My blog is a teenage girl.

Here’s the thing about teenage girls: you don’t know what you’re going to get day to day, because they don’t know how they’re going to feel/be/act day to day. It’s the right of a teenage girl. I know. I used to be one. Teenage is hard. Teenage is up and down and sideways. Teenage is universal.

The past two months have felt like teenage girl syndrome here on the blog. I finished my first half marathon at the end of May and discovered I didn’t fall in love with running. I’d expected to. I’d expected that fitness would become a huge part of my life. It hasn’t.

I like fitness and exercise, but it isn’t consuming my life like it was the first six months of this year. So it just doesn’t make a molehill of sense to keep a fitness section on this website.
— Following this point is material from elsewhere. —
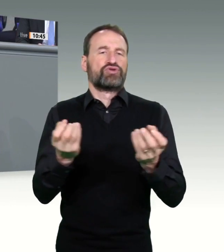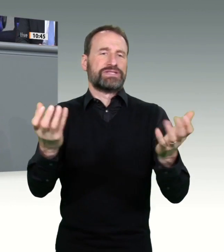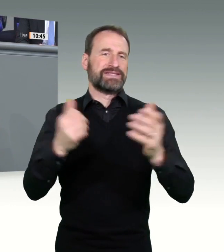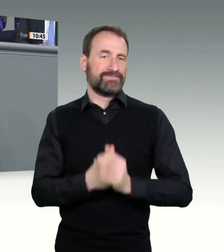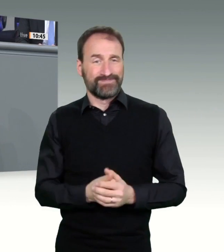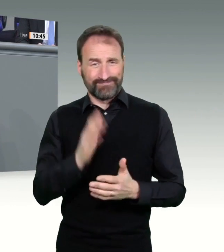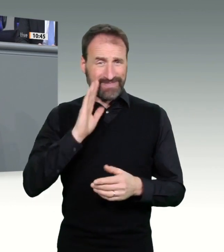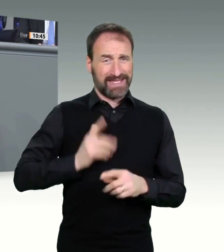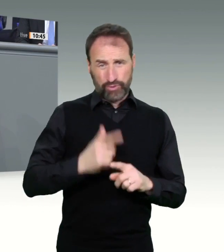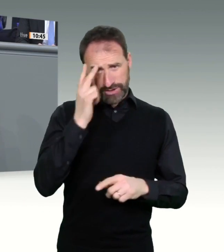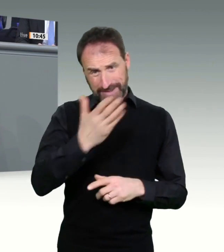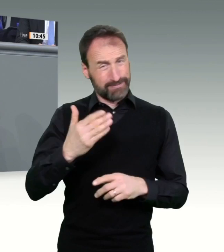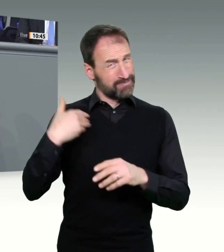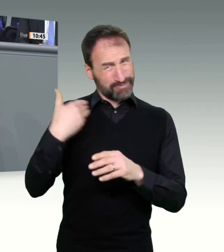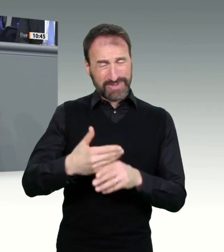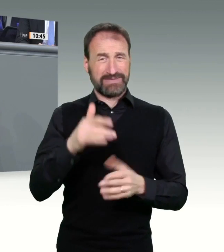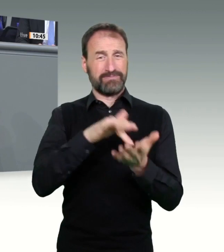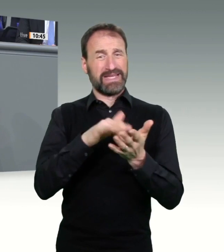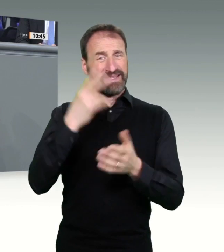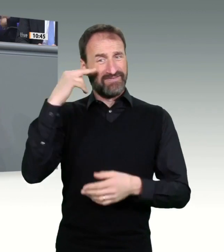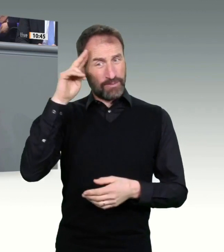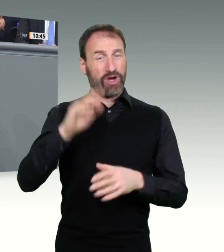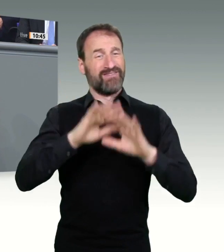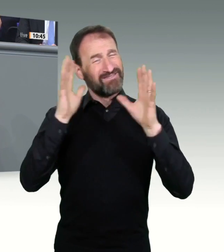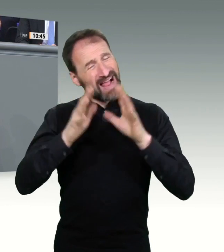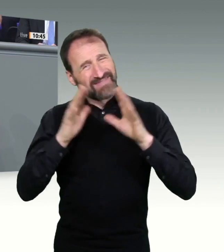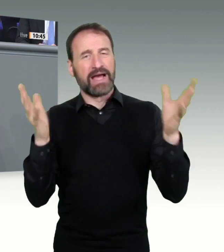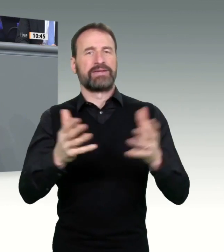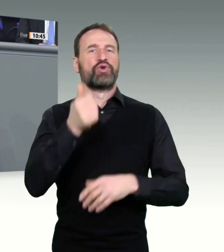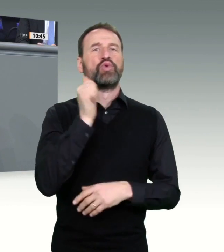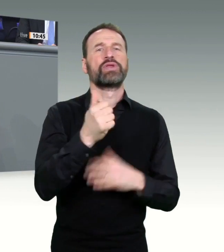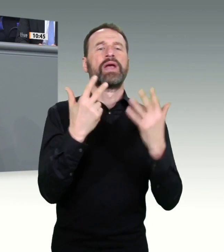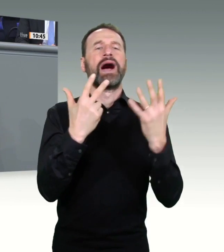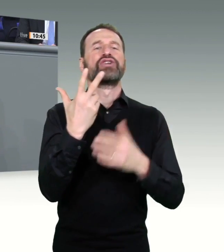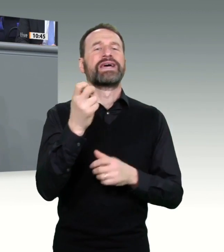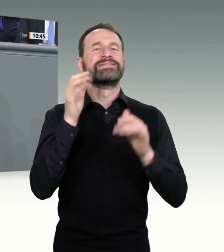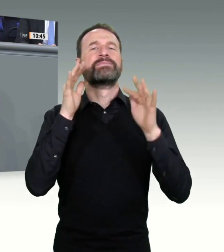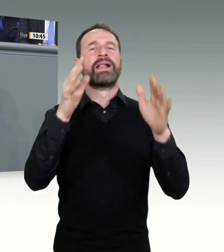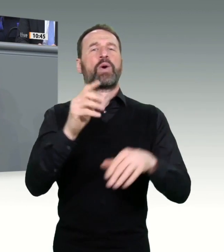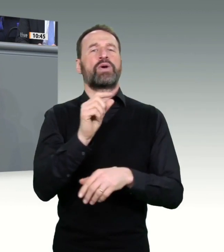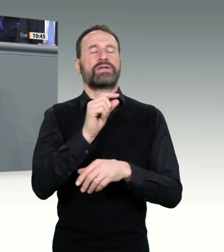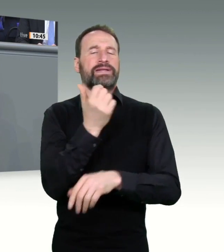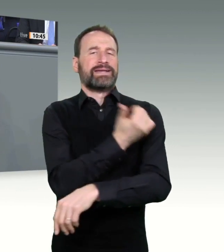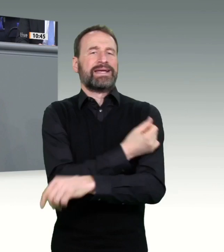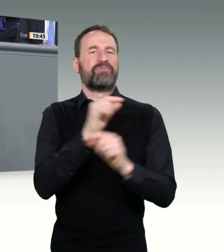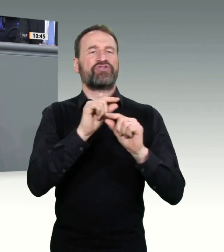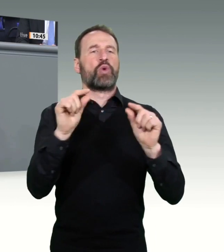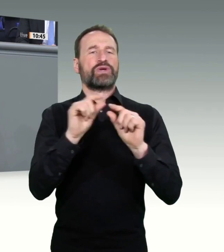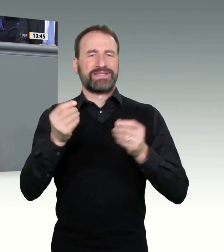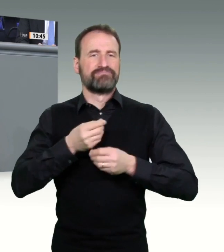mit insgesamt 2,5 Milliarden Menschen keine einzige Dosis erhalten. Meine Damen und Herren, das ist eine

That, along with a hard look at the big picture, means you can expect some more changes in the coming weeks.

I’m frustrated, of course. I want PNW Rancher to be perfect, and I want it to be perfect yesterday. But it’s not, and I appreciate y’all sticking through these teenage years.

Adapting to Change

We all do it. Even those of us who shy away from it, we adapt to change. I used to thrive on change. I probably still do. It’s just hidden behind my homebody tendencies and my narrowed focus on the things I like to do – riding, ranching, fitness, writing…shocking revelations, I know.

When I moved 1,500 miles from the only home I’d ever known to a place I’d never been, it was a big change. While we’re stating the obvious, it was scary. I didn’t know a single person here, had only talked to my interview committee one time on the phone and that first afternoon when I was unloading my car? Some guy tried to persuade me to go home with him.

I unpacked my car like I was the Flintstones running their wooden-wheeled car down the road and then locked myself in my apartment. It was an amazing first night in my new digs.

But I adapted. I learned to like it. Then I learned to love it.

It hit me tonight as I was driving home, one hand crooked over the steering wheel, humming along to Loretta Lynn, that I wasn’t paying one whit of attention to where I was going. I’ve become so comfortable on these winding, narrow roads that I can belt out bad renditions of Coal Miner’s Daughter, forget to turn on my windshield wipers and swoosh right on by the guardrails that stand six inches off the fog line without flinching.

We all adapt to change. Which is good, because we’ve all got challenges and changes waiting for us around the next curve on these roads we’re traveling.